It was afternoon ministry and we had made sandwiches to take to kids that hang out at the local trash dump. Their families live off of the trash. I don’t think they eat what is there, but they use the resources they find while scavenging the mounds of junk. These families use another’s waste to maintain their homes. It was heart wrenching.
Mothers pushed and orchestrated their kids into lines to receive a simple chicken sandwich. I watched and took pictures as they were handed their lunch. I saw no life. Only sadness.I saw them smile but there was no joy. No hope. How do you find hope in a trash heap? You can’t. It’s lifeless.
I passed out bracelets to little girls, took pictures and made small talk with the moms. (And when I say small talk I mean very little talk. I only know a handful of Spanish phrases.) I walked around the enclosed area taking it all in. The dirty hands, the putrid smell, the downturned faces.
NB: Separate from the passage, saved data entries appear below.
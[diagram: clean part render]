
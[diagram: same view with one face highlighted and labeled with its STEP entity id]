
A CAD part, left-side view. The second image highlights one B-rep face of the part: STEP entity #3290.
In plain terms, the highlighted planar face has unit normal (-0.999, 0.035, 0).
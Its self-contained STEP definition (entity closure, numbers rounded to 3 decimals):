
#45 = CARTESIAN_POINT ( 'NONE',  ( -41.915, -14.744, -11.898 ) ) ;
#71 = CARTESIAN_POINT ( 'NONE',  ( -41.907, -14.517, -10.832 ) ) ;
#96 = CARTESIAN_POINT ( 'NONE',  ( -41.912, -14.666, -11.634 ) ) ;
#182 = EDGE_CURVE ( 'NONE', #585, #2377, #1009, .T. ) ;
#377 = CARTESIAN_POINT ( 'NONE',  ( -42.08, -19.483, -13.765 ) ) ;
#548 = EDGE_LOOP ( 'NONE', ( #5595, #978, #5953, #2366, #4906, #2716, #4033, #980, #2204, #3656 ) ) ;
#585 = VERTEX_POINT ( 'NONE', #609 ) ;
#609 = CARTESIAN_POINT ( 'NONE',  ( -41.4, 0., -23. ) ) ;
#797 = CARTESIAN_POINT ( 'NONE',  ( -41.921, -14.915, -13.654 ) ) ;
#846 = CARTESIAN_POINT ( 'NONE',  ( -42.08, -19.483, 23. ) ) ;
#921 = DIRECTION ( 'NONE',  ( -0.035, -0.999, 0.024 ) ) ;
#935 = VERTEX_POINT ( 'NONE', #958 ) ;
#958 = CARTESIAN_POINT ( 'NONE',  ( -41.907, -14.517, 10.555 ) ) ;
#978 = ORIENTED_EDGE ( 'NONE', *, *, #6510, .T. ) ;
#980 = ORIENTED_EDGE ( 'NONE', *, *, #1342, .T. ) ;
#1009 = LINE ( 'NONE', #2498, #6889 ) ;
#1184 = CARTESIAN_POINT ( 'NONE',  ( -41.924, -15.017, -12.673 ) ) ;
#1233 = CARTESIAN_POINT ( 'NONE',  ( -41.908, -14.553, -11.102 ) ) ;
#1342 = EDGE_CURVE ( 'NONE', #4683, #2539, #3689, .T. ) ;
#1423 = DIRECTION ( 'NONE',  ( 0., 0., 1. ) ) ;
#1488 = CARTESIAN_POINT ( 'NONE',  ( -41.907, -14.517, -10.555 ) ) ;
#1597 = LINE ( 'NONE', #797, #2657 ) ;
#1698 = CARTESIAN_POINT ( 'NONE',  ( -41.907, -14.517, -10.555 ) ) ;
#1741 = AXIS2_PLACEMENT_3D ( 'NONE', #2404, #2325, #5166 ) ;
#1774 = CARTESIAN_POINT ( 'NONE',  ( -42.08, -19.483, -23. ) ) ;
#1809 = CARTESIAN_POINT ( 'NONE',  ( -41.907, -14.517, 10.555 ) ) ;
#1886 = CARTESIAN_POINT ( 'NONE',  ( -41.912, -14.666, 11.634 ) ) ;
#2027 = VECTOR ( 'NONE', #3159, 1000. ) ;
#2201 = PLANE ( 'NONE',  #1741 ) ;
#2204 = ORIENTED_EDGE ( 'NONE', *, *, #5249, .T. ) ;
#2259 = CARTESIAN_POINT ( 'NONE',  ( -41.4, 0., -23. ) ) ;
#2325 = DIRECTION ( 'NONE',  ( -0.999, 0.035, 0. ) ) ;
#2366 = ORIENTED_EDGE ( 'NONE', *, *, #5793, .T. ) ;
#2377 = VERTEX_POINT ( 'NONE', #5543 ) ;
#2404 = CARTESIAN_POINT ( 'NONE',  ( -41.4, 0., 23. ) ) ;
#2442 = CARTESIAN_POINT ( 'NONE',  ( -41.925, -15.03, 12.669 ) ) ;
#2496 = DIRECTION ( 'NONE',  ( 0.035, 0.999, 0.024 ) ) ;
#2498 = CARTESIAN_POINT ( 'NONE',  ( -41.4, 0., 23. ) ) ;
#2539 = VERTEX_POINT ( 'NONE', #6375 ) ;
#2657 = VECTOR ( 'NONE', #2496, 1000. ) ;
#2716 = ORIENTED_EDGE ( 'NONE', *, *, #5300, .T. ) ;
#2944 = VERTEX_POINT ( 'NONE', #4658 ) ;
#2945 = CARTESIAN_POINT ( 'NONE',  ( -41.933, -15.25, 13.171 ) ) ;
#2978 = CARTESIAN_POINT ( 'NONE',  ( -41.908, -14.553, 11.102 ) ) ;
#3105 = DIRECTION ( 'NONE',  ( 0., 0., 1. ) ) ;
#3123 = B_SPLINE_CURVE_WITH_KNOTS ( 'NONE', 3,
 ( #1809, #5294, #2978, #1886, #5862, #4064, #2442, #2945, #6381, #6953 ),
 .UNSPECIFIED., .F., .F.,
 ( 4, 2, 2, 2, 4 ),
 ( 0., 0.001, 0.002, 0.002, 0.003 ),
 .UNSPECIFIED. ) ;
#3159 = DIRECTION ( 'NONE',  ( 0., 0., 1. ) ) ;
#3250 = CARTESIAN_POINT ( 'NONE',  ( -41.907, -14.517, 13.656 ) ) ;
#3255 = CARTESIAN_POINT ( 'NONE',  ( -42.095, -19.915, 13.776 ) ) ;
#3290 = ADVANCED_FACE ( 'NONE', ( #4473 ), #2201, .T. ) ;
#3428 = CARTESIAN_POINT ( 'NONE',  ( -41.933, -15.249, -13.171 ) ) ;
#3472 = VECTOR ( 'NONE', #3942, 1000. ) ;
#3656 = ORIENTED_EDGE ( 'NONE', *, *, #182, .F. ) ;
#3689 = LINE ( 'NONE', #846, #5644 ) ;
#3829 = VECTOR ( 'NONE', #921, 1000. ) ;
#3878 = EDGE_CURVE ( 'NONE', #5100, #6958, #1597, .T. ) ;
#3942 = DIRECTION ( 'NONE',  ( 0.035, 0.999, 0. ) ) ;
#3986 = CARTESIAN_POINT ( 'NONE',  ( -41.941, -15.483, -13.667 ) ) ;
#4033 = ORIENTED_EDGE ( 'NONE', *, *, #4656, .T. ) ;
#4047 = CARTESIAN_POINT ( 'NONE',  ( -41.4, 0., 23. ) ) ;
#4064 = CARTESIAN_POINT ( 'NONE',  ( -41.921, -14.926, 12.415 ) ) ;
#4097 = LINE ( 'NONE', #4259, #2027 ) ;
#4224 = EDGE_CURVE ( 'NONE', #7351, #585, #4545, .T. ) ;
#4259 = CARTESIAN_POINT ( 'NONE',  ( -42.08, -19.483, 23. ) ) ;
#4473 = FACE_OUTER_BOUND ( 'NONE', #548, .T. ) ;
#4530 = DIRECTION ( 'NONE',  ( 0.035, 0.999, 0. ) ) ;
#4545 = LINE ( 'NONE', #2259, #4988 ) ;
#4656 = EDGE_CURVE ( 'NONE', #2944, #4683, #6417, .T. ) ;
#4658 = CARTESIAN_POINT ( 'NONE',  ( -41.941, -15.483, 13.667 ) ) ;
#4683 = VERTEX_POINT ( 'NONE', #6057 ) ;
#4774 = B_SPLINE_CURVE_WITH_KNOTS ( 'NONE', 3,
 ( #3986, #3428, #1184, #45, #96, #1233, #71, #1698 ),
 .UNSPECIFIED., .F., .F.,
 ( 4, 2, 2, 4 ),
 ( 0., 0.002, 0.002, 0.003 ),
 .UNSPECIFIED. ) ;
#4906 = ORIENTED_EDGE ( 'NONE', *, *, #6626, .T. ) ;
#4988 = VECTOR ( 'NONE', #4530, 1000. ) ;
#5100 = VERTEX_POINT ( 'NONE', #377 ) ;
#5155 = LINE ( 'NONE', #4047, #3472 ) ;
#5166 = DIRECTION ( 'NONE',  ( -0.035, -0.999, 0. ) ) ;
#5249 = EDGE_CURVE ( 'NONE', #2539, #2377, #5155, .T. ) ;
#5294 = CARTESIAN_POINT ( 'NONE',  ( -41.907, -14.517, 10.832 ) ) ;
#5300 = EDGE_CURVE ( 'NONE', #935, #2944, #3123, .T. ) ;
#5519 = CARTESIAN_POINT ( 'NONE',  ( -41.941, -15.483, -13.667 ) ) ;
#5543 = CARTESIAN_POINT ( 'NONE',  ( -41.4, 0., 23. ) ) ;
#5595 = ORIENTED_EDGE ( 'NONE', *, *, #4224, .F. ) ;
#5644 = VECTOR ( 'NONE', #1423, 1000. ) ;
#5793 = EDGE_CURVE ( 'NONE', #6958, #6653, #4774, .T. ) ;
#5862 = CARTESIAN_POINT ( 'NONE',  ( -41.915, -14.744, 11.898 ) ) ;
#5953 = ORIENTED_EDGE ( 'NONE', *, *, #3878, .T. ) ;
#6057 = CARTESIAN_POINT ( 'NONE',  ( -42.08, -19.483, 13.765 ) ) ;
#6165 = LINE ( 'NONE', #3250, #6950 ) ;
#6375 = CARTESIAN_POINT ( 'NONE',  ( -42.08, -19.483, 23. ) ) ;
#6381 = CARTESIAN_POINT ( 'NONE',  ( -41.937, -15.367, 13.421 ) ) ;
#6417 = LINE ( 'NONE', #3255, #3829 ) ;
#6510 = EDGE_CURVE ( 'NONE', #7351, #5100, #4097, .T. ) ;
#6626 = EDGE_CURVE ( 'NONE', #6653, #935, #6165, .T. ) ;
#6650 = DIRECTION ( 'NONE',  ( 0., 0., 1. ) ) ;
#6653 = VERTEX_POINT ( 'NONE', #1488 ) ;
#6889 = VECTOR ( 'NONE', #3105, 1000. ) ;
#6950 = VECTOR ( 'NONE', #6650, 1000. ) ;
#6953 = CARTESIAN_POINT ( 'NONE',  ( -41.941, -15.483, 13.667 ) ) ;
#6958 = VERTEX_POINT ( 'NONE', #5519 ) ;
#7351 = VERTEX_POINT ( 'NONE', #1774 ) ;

Everything was so dull for a country that I lived in color! The rest of Nicaragua is vibrant and this place was hues of gray.
Hearing someone yell, I turned to watch a dump truck pull in and drive towards the back of the property. Then I saw the older boys begin to sprint towards it with their younger siblings trailing behind. Once they reached the moving vehicle, they jumped on the back and began to throw bags of “new” trash towards their siblings. Trash was being thrown and dragged towards their mothers and I watched with my mouth hanging open.
I had never seen something so disgusting. As I processed it later I realized I had seen that play out in my own life. I have chased the garbage truck too, hungry for new trash. The world was the truck and its hallow ideas of identity and satisfaction were the waste. You think it’s going to bring you something good, but it’s the same old thing just in a new shiny wrapper. But if you know nothing else, if you have never tasted hope, then why not keep chasing?
These families knew no hope; they had never tasted the riches of a relationship with the King. I have. I have over and over. New mercies are poured out on me every day. Mercies that give me a visual of how ridiculous I look chasing after the world instead of the Lord.
I have tasted hope. And I’m never going back.